The NIH, in partnership with USAID, the CDC, the EPA and the Global Alliance for Clean Cookstoves (GACC), launched a Clean Cooking Implementation Science Network (ISN) to advance the science of uptake and scale-up of clean cooking technology in the developing world. Sustained, near-exclusive use of clean cooking technology is understood to be key to improving multiple important health outcomes by reducing exposure to household air pollution.
About the Clean Cooking ISN
Hosted by the Center for Global Health Studies (CGHS) at Fogarty, and supported by the NIH Common Fund, the primary goal of the Clean Cooking ISN is to advance the scientific understanding of how to implement evidence-based clean cooking interventions to maximize their benefits to the health and longevity of populations in low- and middle-income countries (LMICs).

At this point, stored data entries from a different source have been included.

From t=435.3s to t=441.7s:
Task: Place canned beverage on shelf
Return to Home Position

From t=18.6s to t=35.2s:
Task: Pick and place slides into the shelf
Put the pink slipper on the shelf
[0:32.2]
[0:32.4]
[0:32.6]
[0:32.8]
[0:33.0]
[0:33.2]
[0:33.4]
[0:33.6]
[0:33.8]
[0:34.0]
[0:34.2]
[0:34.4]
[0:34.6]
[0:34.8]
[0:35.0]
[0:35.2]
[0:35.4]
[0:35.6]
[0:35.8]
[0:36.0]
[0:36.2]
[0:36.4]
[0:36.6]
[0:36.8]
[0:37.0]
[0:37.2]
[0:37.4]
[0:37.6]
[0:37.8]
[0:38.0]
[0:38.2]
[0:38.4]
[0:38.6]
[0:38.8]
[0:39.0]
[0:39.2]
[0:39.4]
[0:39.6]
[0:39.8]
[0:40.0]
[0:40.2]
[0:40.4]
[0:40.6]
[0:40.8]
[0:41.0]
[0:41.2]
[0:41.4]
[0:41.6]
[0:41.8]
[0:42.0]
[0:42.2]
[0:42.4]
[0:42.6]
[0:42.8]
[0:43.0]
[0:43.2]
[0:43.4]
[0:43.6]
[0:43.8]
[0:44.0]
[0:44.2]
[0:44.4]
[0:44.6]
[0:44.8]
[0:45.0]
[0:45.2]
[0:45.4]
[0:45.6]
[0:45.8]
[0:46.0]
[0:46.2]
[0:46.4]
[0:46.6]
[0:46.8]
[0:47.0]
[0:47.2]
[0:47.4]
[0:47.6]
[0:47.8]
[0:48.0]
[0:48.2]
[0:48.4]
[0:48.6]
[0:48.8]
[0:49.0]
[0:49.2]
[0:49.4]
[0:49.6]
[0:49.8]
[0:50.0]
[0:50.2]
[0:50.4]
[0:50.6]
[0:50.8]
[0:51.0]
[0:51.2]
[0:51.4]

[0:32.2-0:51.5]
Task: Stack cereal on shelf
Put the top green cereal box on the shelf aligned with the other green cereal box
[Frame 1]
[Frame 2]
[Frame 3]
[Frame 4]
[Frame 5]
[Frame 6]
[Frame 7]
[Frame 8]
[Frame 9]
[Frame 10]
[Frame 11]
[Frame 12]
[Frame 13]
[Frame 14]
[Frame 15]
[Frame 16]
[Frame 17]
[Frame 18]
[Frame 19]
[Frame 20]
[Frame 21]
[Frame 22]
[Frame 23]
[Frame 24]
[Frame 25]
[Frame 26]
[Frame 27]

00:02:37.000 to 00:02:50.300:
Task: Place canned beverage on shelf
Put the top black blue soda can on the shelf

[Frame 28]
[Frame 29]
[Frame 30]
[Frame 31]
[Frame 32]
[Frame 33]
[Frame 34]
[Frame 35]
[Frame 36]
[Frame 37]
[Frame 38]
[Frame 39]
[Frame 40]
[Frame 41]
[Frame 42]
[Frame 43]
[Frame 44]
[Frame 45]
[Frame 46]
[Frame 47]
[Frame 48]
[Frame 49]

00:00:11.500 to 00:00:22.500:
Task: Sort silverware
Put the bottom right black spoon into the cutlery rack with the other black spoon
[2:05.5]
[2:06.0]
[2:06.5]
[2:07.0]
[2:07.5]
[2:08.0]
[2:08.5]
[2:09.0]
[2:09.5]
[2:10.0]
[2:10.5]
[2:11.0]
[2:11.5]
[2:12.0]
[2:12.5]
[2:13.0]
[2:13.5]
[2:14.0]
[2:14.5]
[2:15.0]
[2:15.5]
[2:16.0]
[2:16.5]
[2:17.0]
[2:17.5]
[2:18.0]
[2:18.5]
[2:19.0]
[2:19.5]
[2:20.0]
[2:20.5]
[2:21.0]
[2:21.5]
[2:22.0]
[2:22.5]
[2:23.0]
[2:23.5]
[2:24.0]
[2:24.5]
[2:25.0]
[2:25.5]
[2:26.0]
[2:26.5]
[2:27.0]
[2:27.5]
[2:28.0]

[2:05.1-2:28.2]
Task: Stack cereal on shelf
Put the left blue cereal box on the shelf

Significant implementation challenges exist in the clean cooking arena concerning the adoption and use of technologies that reduce pollutant exposures sufficiently to achieve health benefits. These challenges can multiply when the goal is scaling up these technologies. Successful scale-up will depend on understanding the complex interplay among multiple environmental, economic, behavioral and other setting-specific factors.
To meet its objectives, the Clean Cooking ISN aims to foster collaboration among researchers and implementers. Each year since 2016, the Network has supported projects designed to advance the science of clean cooking implementation at scale.